No Brasil, não existe uma combinação local padronizada de acabamento, multimídia ou assistência ao motorista para o Niro I. Anúncios em plataformas como Webmotors, iCarros e Mercado Livre devem ser conferidos com cautela, pois a denominação comercial pode não corresponder ao catálogo do país de origem. HEV, PHEV e e-Niro têm interiores semelhantes, mas diferem em seletor de marchas, instrumentação, porta-malas e alguns comandos.

Mudanças no interior e reestilização

A primeira geração já encerrou sua produção. As principais mudanças internas foram:

  • 2016–2018: central de 7 ou 8", quadro com mostradores convencionais e display de 4,2", Android Auto disponível desde o lançamento em alguns mercados e Apple CarPlay incorporado posteriormente em 2016
  • 2019–2020: reestilização dos HEV e PHEV, com central de 8" de série em determinados mercados, opção de tela de 10,25", painel TFT de 7" nas versões superiores e revisão de comandos e acabamentos
  • 2021–2022: manutenção da arquitetura da cabine, com diferenças de software, conectividade e pacote ADAS conforme o mercado; predominam portas USB-A, não USB-C

Em um exemplar importado para o Brasil, o ano-modelo e o país de origem dizem mais sobre o equipamento do que nomes genéricos como “Premium” ou “Prestige”. Os carros reestilizados oferecem uma interface mais atual, mas nem todos têm a tela de 10,25", painel de 7" ou o conjunto completo de assistentes.

Pontos de atenção na cabine

Como não há uma base estatística ampla de proprietários da primeira geração no Brasil, os itens abaixo devem ser tratados como pontos de inspeção em carros usados, e não como defeitos inevitáveis:

  • Desgaste dos bancos: revestimentos claros evidenciam manchas, vincos e atrito nas laterais com maior facilidade
  • Ruídos internos: vale testar portas, console central e cobertura do porta-malas em piso irregular, sobretudo em carros de maior quilometragem
  • Isolamento acústico: pneus de perfil baixo e asfalto rugoso podem aumentar o ruído de rodagem em velocidades de estrada
  • Banco traseiro: a base pode parecer curta para adultos altos em viagens longas, e o lugar central é mais estreito
  • Visibilidade traseira: as colunas largas e o vidro da tampa limitam o campo de visão, tornando câmera e sensores especialmente úteis
  • Acabamento preto brilhante: risca com facilidade e acumula marcas de dedo, exigindo limpeza com material adequado

Calor intenso, exposição ao sol e umidade podem acelerar o ressecamento de revestimentos, desbotamento e odores em carros que ficaram muito tempo parados. Convém verificar teto, carpete, borrachas, funcionamento do ar-condicionado e sinais de infiltração, sem presumir que o ano mais recente garante melhor conservação.

Conclusão: a cabine ainda vale a pena?

Em 2026, o interior do Kia Niro I continua funcional e bem aproveitado, mas mostra a idade diante da segunda geração vendida oficialmente no Brasil. A tela de 10,25" dos modelos reestilizados, o espaço traseiro e a versatilidade do porta-malas ainda são pontos positivos, desde que a configuração seja confirmada individualmente.

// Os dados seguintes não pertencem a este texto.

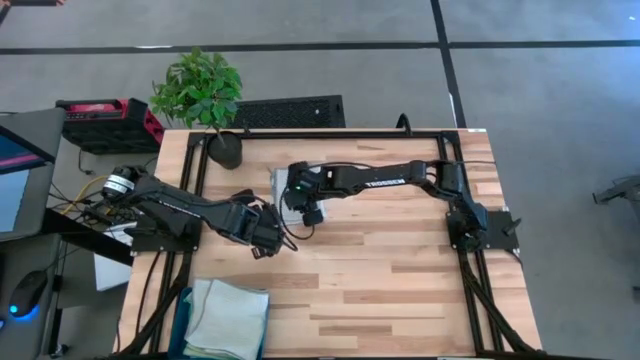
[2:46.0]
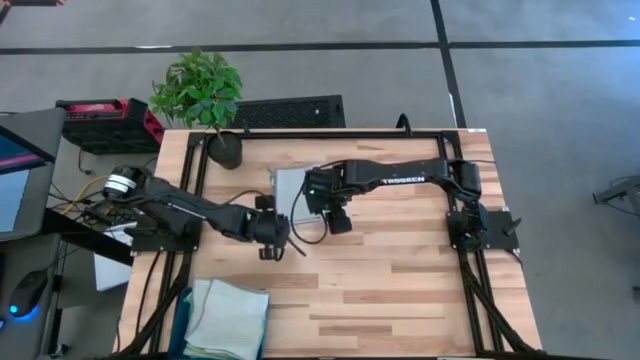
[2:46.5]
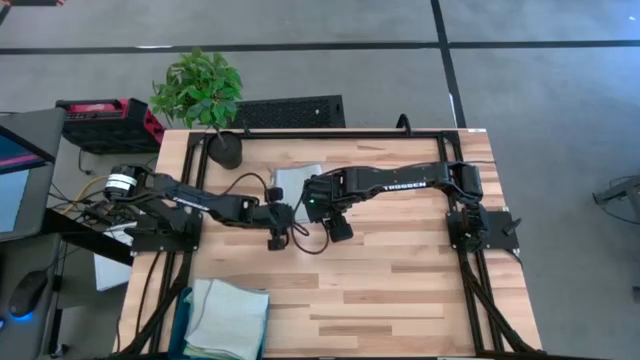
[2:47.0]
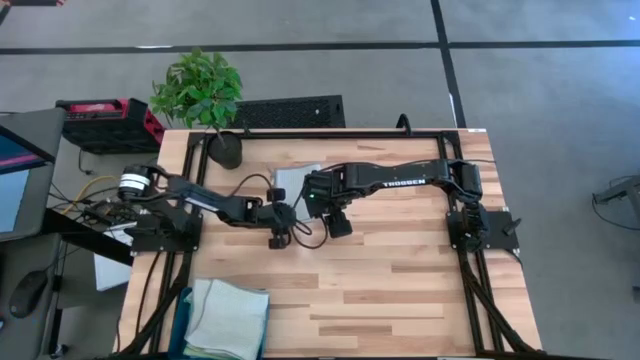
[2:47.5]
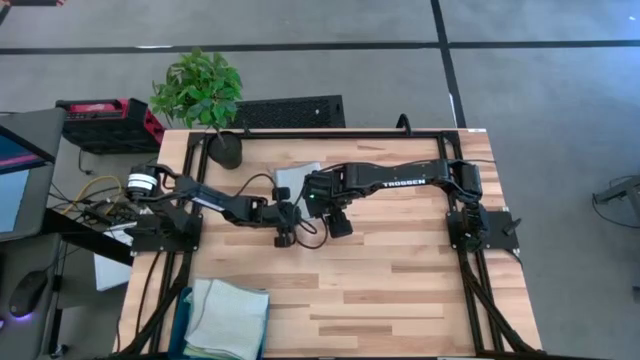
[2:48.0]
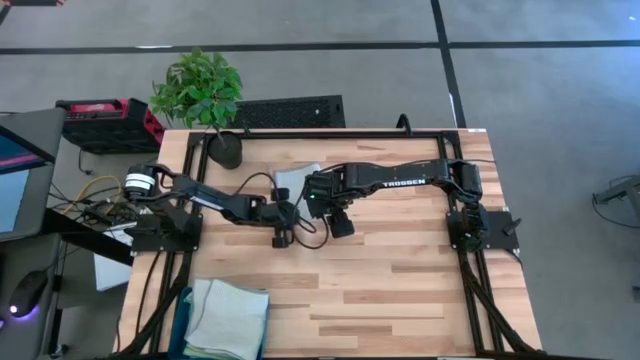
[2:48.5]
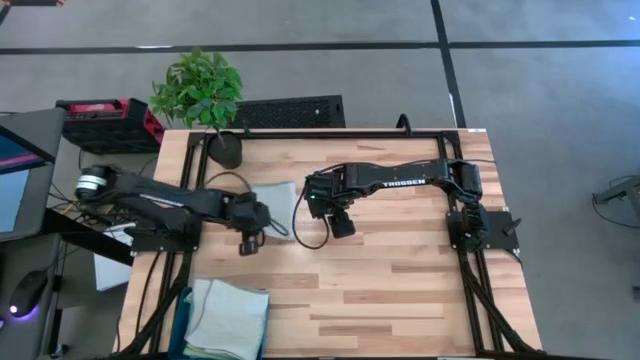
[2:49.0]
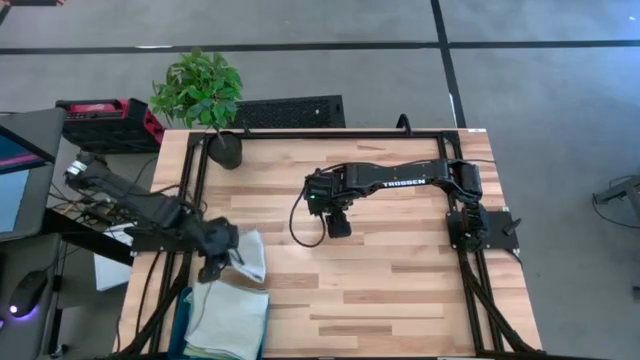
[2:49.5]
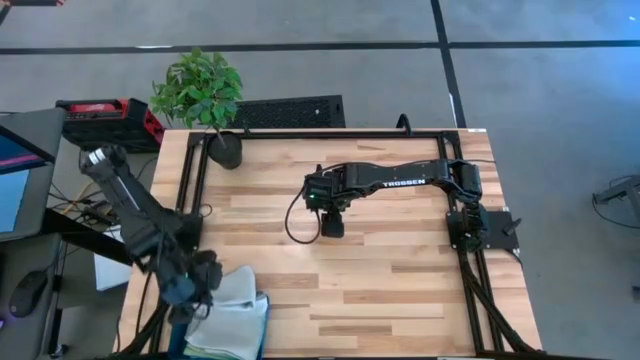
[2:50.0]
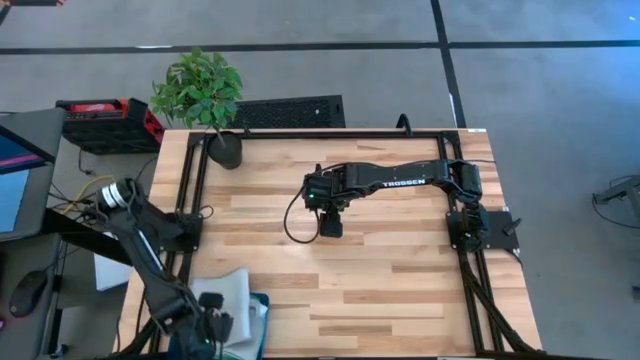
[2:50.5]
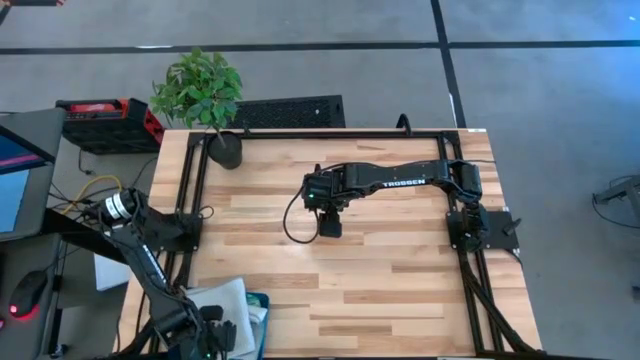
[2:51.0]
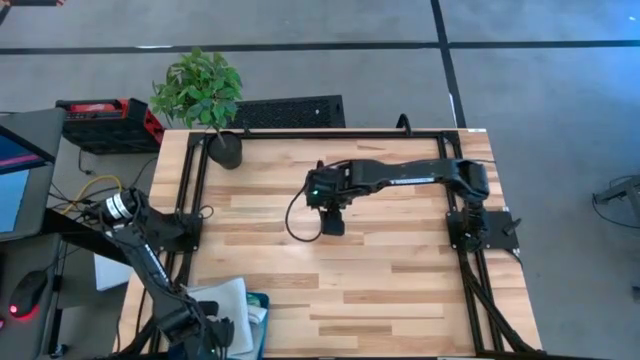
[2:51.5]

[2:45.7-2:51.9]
Task: Fold microfiber towels
Stack the grey microfiber cloth on top of the grey microfiber cloth into the bin

Para o mercado brasileiro, a escolha mais coerente não depende de uma versão específica, mas de procedência documentada, conservação e suporte técnico. Exemplares 2019–2022 com reestilização e histórico verificável tendem a oferecer interface mais moderna; carros 2016–2018 podem ter equipamento mais simples e exigir maior atenção à disponibilidade de peças e atualizações.

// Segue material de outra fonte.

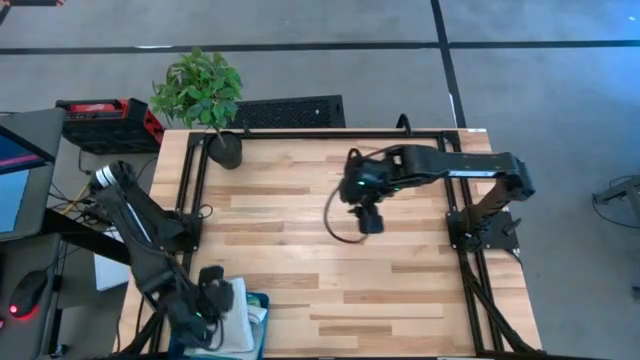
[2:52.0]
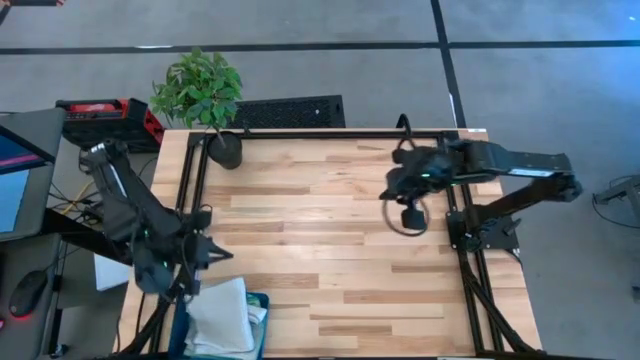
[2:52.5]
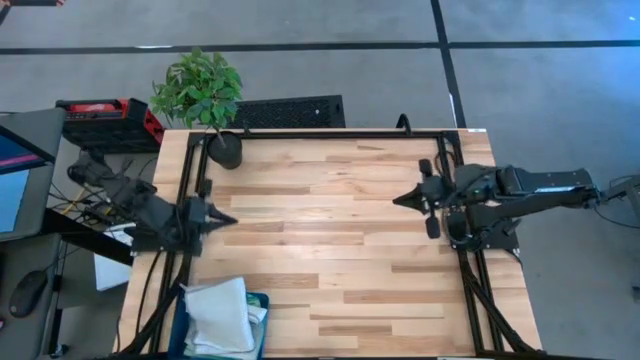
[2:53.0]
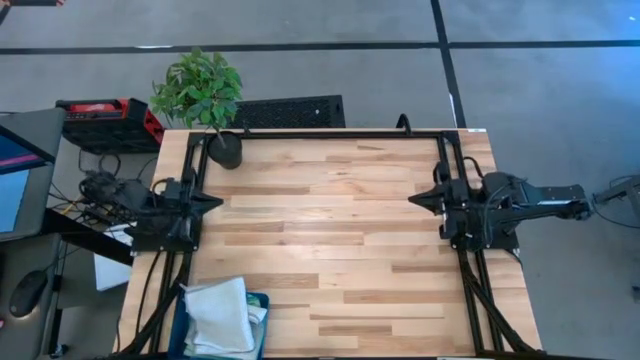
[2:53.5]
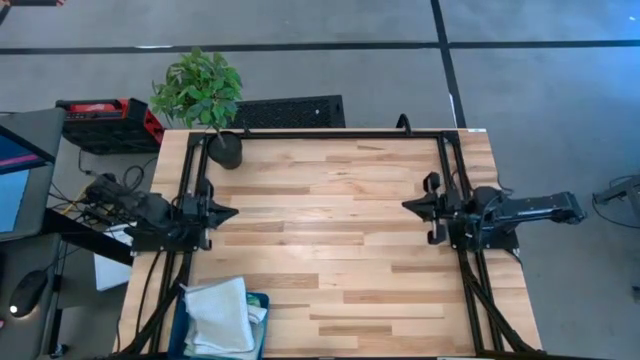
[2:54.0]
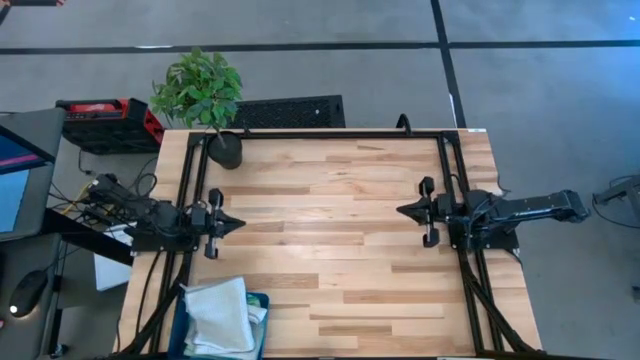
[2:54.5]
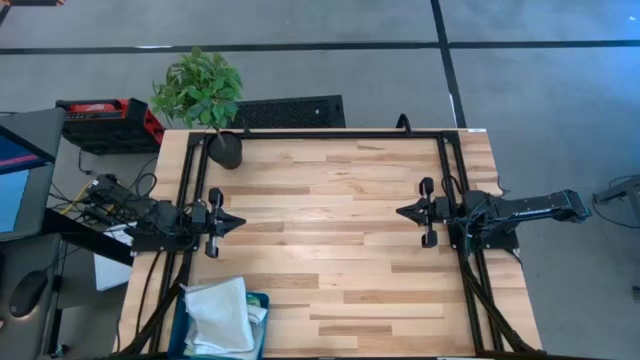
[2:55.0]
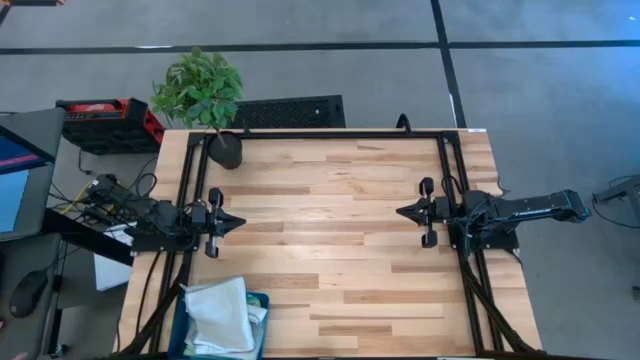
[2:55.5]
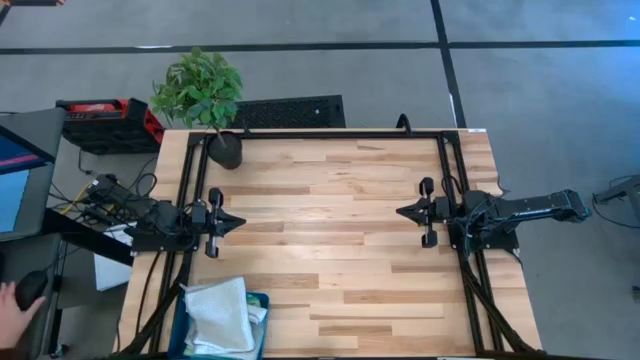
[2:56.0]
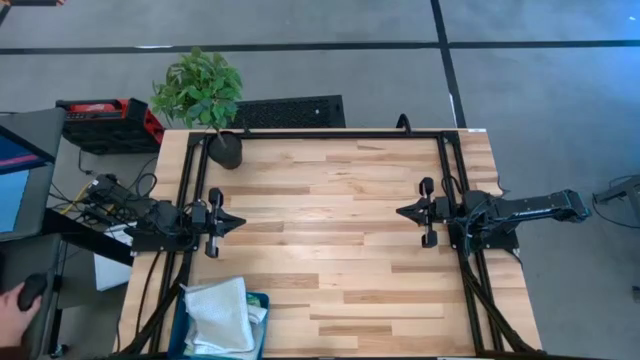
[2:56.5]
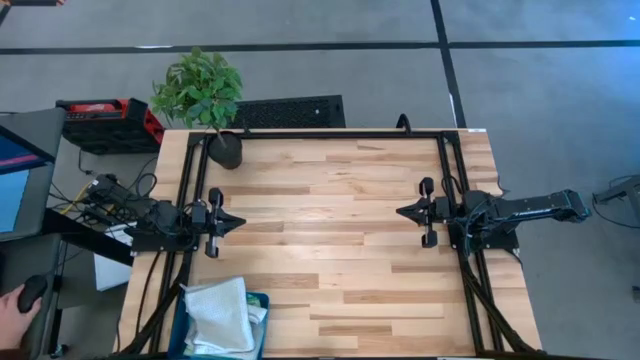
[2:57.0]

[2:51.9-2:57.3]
Return to Home Position

Na inspeção de um Niro usado, é recomendável conferir:

  • estado dos bancos, costuras, laterais e revestimentos claros
  • presença de ruídos ao passar por pisos irregulares
  • funcionamento da central multimídia, câmera, sensores, Bluetooth, Android Auto e Apple CarPlay
  • idioma, mapas, unidade de medida e compatibilidade do sistema com o uso no Brasil
  • ar-condicionado, aquecimento ou ventilação dos bancos e demais comandos elétricos disponíveis

A cabine é uma das qualidades do Kia Niro I, mas a compra no Brasil exige mais cautela do que a de um modelo vendido oficialmente. A origem do veículo, a especificação exata e o acesso a diagnóstico especializado devem pesar tanto quanto o acabamento e a lista de equipamentos.